How to Use What to Know About Ticks and Lyme Disease to Protect Yourself
In the Chicago area, tick exposure can occur throughout the year but ticks are most active during the warmer months (April-September). Ticks survive our cold winters and become active when the weather is above freezing. Anytime I’m in the garden now (or hiking), I wear boots, long, light-colored pants tucked into my socks, a long-sleeved top and a hat.
And, we spray ourselves with tick-repellant. We treat our clothing and hiking gear with products containing 0.5% permethrin. Permethrin can be used to treat boots, clothes and camping gear and it remains protective on clothing through several washings. You can also buy permethrin-treated clothing and gear.

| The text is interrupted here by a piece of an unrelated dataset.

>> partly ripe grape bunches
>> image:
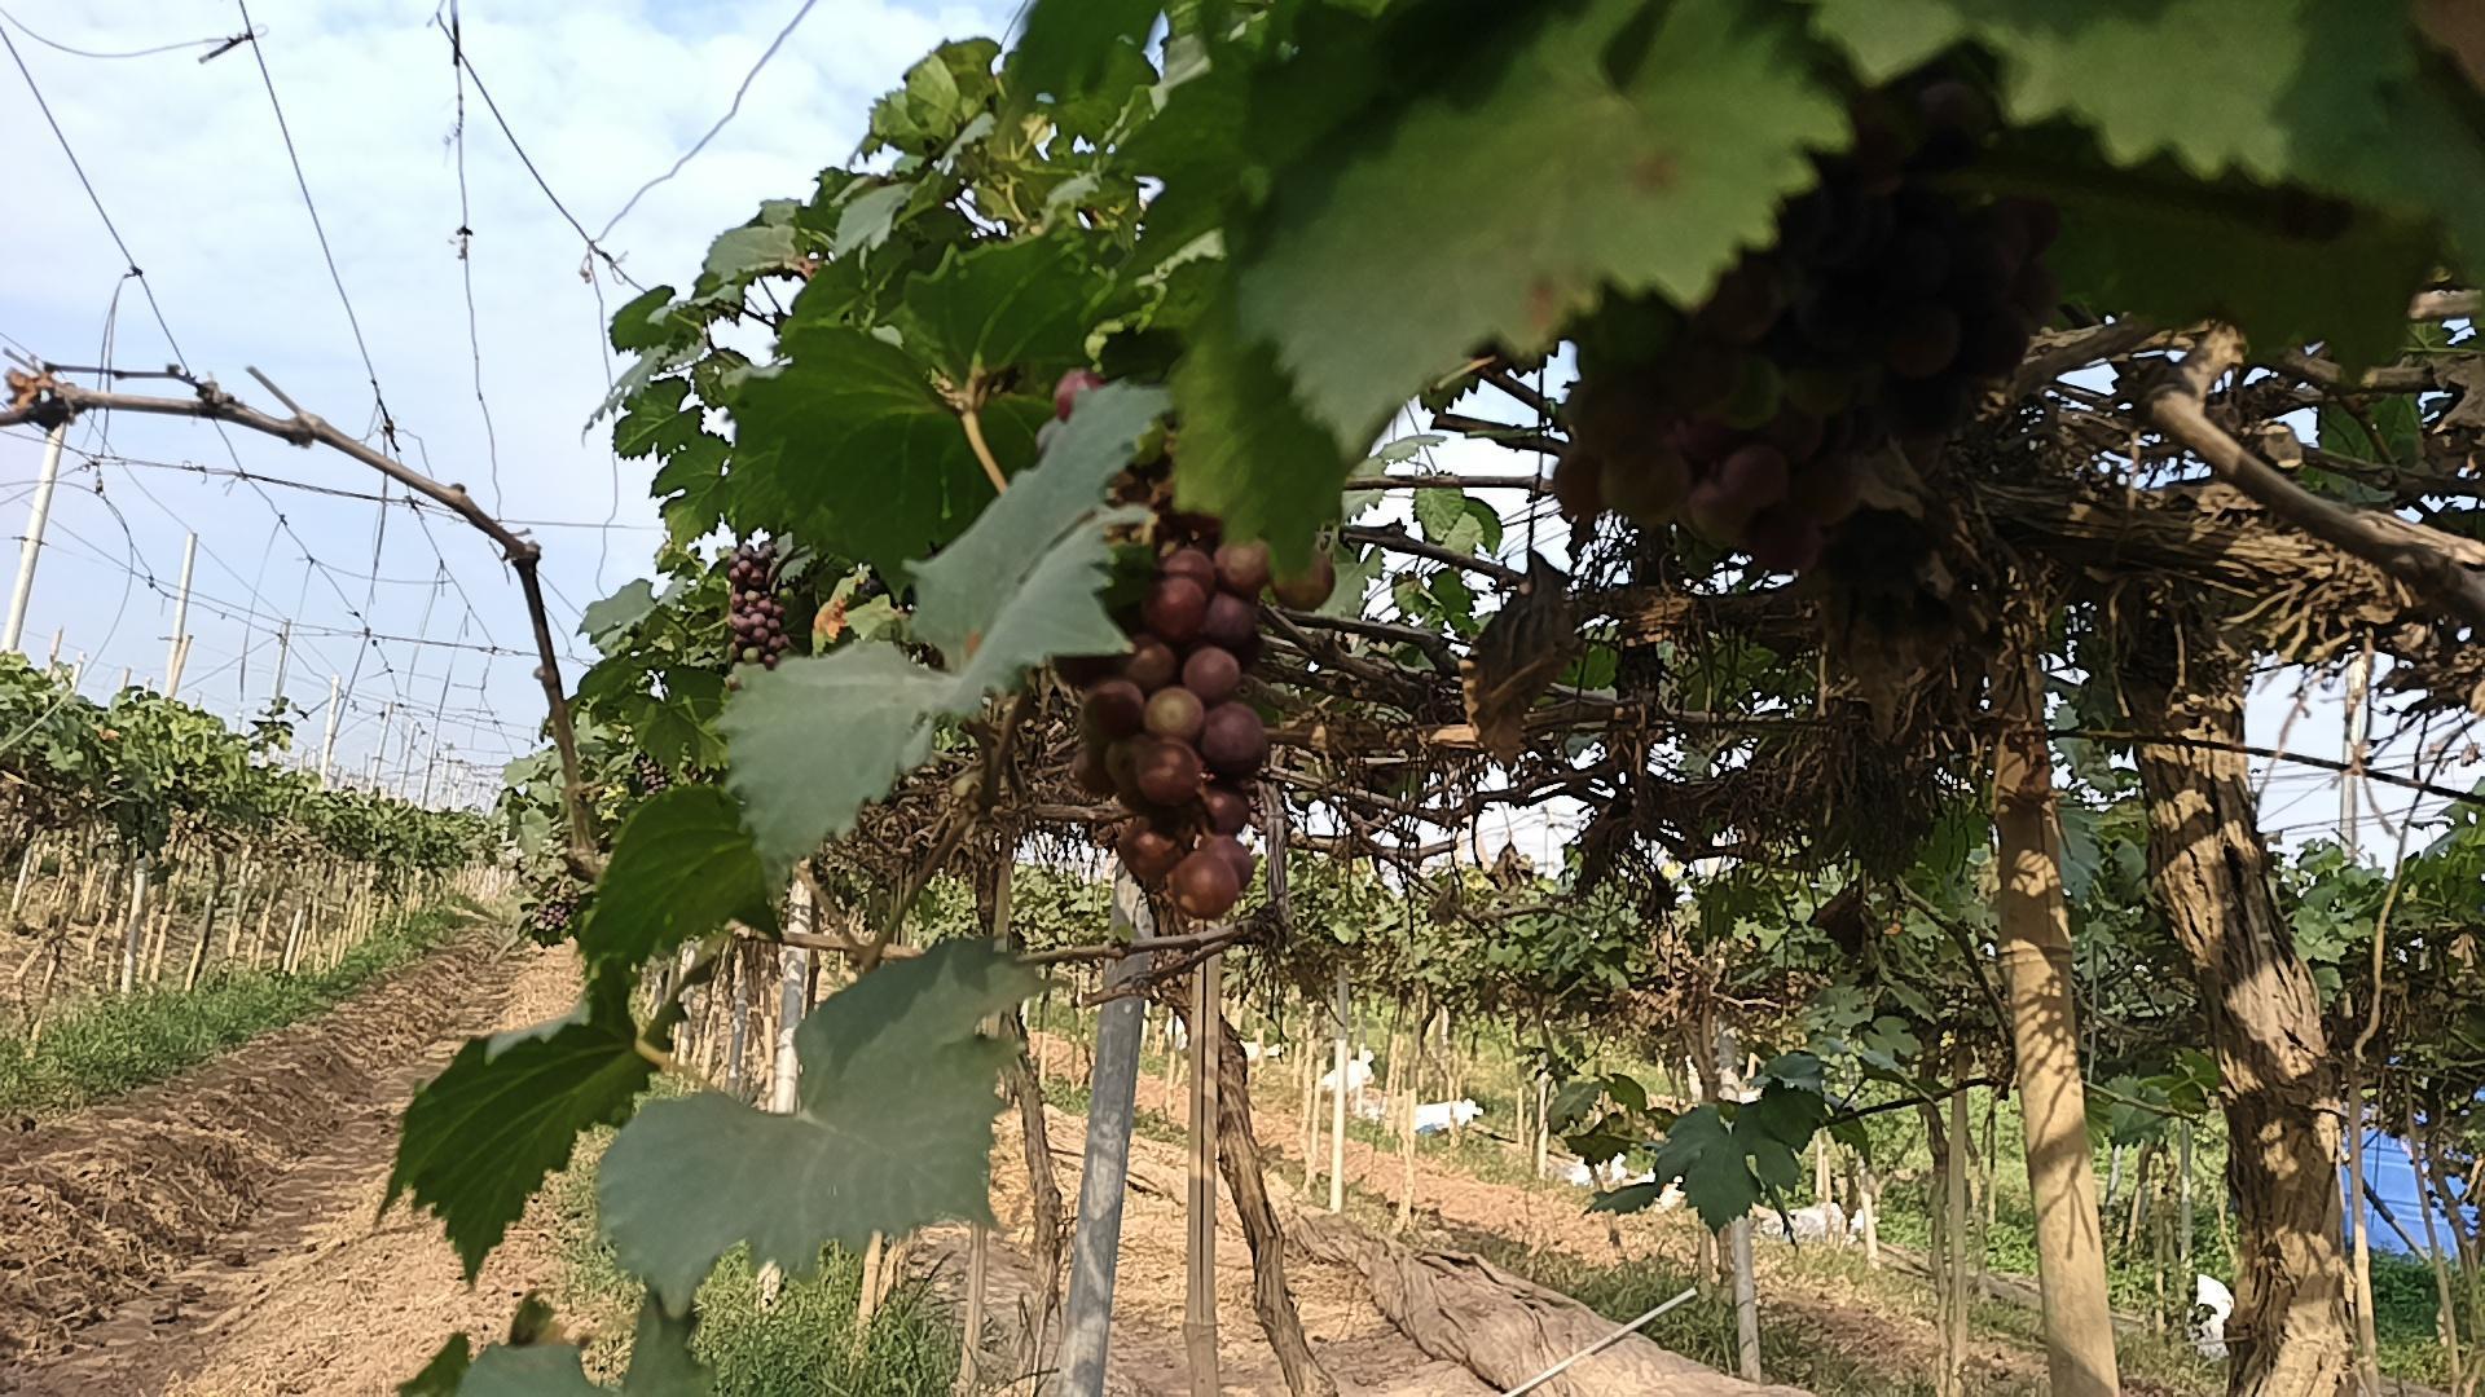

We’ve also purchased tick tubes, but you can make your own as well. (Google DIY tick tubes.) The tubes are filled with cotton that contains permethrin. Mice and other small rodents like chipmunks enter the tubes and take bits of the cotton back to their nests. The permethrin sticks to their fur and kills the ticks. While this can help tamp down the tick population, ticks can also come into a garden on birds, deer, raccoons, possum and squirrels so I’m always on the lookout.
Ticks enter into the house on your clothing or on a pet. Check yourself, your children and your pets when you come indoors. After spending time in your garden, woods or prairie, remove your clothes and wash and dry them.
Removing a Tick
If you do find a tick stuck to your skin, the Centers for Disease Control offers these recommendations for removing it:
- Use fine-tipped tweezers to grasp the tick as close to the skin’s surface as possible. The key is to remove the tick as soon as possible. Avoid folklore remedies such as using nail polish, petroleum jelly, or heat to make the tick detach from the skin.
- Pull upward with steady, even pressure. Don’t twist or jerk the tick; this can cause the mouth-parts to break off and remain in the skin. If this happens, remove the mouth-parts with clean tweezers. If you are unable to remove the mouth parts easily, leave them alone and let the skin heal.
- After removing the tick, thoroughly clean the bite area and your hands with rubbing alcohol, an iodine scrub, or soap and water.